=== Begin Enclosure ===

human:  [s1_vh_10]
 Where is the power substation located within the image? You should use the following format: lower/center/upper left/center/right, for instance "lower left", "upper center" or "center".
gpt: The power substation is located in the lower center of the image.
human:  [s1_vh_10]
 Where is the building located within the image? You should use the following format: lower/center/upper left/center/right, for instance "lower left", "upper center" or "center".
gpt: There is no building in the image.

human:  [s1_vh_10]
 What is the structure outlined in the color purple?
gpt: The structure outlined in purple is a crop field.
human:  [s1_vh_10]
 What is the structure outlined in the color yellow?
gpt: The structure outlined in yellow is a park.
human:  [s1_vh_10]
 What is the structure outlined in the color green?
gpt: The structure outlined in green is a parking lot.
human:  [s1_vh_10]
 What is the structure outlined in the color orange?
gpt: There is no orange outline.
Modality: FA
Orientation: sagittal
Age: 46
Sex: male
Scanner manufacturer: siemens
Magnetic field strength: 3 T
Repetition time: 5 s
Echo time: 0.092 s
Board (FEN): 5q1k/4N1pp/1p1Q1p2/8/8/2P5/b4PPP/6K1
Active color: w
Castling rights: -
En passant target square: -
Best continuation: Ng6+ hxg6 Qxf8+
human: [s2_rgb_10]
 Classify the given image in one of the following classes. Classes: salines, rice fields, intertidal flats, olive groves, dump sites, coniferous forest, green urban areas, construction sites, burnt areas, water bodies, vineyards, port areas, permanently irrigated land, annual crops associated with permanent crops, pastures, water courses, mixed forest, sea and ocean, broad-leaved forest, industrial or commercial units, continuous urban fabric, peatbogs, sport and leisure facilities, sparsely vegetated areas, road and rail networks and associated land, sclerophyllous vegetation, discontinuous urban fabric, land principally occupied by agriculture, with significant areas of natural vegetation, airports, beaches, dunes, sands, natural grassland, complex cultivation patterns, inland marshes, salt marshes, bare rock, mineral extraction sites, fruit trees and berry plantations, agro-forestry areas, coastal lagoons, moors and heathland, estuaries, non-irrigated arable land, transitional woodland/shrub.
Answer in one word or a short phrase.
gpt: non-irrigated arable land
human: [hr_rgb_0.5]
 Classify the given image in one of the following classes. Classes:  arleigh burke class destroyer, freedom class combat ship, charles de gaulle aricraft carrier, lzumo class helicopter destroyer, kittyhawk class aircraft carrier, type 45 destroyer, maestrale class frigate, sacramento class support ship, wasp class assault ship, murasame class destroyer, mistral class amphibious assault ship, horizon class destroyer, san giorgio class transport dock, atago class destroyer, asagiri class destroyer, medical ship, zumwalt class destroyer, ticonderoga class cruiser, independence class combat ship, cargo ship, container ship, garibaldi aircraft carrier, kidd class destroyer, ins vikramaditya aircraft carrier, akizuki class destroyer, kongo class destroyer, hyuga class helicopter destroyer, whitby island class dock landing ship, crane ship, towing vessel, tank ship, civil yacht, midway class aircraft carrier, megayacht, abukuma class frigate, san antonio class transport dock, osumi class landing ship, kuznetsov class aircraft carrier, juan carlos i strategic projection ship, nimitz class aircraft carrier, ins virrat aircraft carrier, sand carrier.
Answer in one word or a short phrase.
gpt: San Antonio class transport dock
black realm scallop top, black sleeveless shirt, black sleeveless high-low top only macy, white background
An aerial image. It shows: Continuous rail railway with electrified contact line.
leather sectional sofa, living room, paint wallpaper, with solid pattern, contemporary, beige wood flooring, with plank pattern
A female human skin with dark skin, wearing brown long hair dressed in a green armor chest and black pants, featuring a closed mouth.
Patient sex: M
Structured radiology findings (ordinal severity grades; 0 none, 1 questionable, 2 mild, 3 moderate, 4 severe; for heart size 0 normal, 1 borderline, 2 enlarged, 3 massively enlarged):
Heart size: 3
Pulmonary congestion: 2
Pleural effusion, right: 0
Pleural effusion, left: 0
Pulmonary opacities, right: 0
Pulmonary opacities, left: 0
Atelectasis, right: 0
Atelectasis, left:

=== End Enclosure ===

[What you should do]:
Copy every entry exactly.

[Answer]:
human:  [s1_vh_10]
 Where is the power substation located within the image? You should use the following format: lower/center/upper left/center/right, for instance "lower left", "upper center" or "center".
gpt: The power substation is located in the lower center of the image.
human:  [s1_vh_10]
 Where is the building located within the image? You should use the following format: lower/center/upper left/center/right, for instance "lower left", "upper center" or "center".
gpt: There is no building in the image.

human:  [s1_vh_10]
 What is the structure outlined in the color purple?
gpt: The structure outlined in purple is a crop field.
human:  [s1_vh_10]
 What is the structure outlined in the color yellow?
gpt: The structure outlined in yellow is a park.
human:  [s1_vh_10]
 What is the structure outlined in the color green?
gpt: The structure outlined in green is a parking lot.
human:  [s1_vh_10]
 What is the structure outlined in the color orange?
gpt: There is no orange outline.
Modality: FA
Orientation: sagittal
Age: 46
Sex: male
Scanner manufacturer: siemens
Magnetic field strength: 3 T
Repetition time: 5 s
Echo time: 0.092 s
Board (FEN): 5q1k/4N1pp/1p1Q1p2/8/8/2P5/b4PPP/6K1
Active color: w
Castling rights: -
En passant target square: -
Best continuation: Ng6+ hxg6 Qxf8+
human: [s2_rgb_10]
 Classify the given image in one of the following classes. Classes: salines, rice fields, intertidal flats, olive groves, dump sites, coniferous forest, green urban areas, construction sites, burnt areas, water bodies, vineyards, port areas, permanently irrigated land, annual crops associated with permanent crops, pastures, water courses, mixed forest, sea and ocean, broad-leaved forest, industrial or commercial units, continuous urban fabric, peatbogs, sport and leisure facilities, sparsely vegetated areas, road and rail networks and associated land, sclerophyllous vegetation, discontinuous urban fabric, land principally occupied by agriculture, with significant areas of natural vegetation, airports, beaches, dunes, sands, natural grassland, complex cultivation patterns, inland marshes, salt marshes, bare rock, mineral extraction sites, fruit trees and berry plantations, agro-forestry areas, coastal lagoons, moors and heathland, estuaries, non-irrigated arable land, transitional woodland/shrub.
Answer in one word or a short phrase.
gpt: non-irrigated arable land
human: [hr_rgb_0.5]
 Classify the given image in one of the following classes. Classes:  arleigh burke class destroyer, freedom class combat ship, charles de gaulle aricraft carrier, lzumo class helicopter destroyer, kittyhawk class aircraft carrier, type 45 destroyer, maestrale class frigate, sacramento class support ship, wasp class assault ship, murasame class destroyer, mistral class amphibious assault ship, horizon class destroyer, san giorgio class transport dock, atago class destroyer, asagiri class destroyer, medical ship, zumwalt class destroyer, ticonderoga class cruiser, independence class combat ship, cargo ship, container ship, garibaldi aircraft carrier, kidd class destroyer, ins vikramaditya aircraft carrier, akizuki class destroyer, kongo class destroyer, hyuga class helicopter destroyer, whitby island class dock landing ship, crane ship, towing vessel, tank ship, civil yacht, midway class aircraft carrier, megayacht, abukuma class frigate, san antonio class transport dock, osumi class landing ship, kuznetsov class aircraft carrier, juan carlos i strategic projection ship, nimitz class aircraft carrier, ins virrat aircraft carrier, sand carrier.
Answer in one word or a short phrase.
gpt: San Antonio class transport dock
black realm scallop top, black sleeveless shirt, black sleeveless high-low top only macy, white background
An aerial image. It shows: Continuous rail railway with electrified contact line.
leather sectional sofa, living room, paint wallpaper, with solid pattern, contemporary, beige wood flooring, with plank pattern
A female human skin with dark skin, wearing brown long hair dressed in a green armor chest and black pants, featuring a closed mouth.
Patient sex: M
Structured radiology findings (ordinal severity grades; 0 none, 1 questionable, 2 mild, 3 moderate, 4 severe; for heart size 0 normal, 1 borderline, 2 enlarged, 3 massively enlarged):
Heart size: 3
Pulmonary congestion: 2
Pleural effusion, right: 0
Pleural effusion, left: 0
Pulmonary opacities, right: 0
Pulmonary opacities, left: 0
Atelectasis, right: 0
Atelectasis, left:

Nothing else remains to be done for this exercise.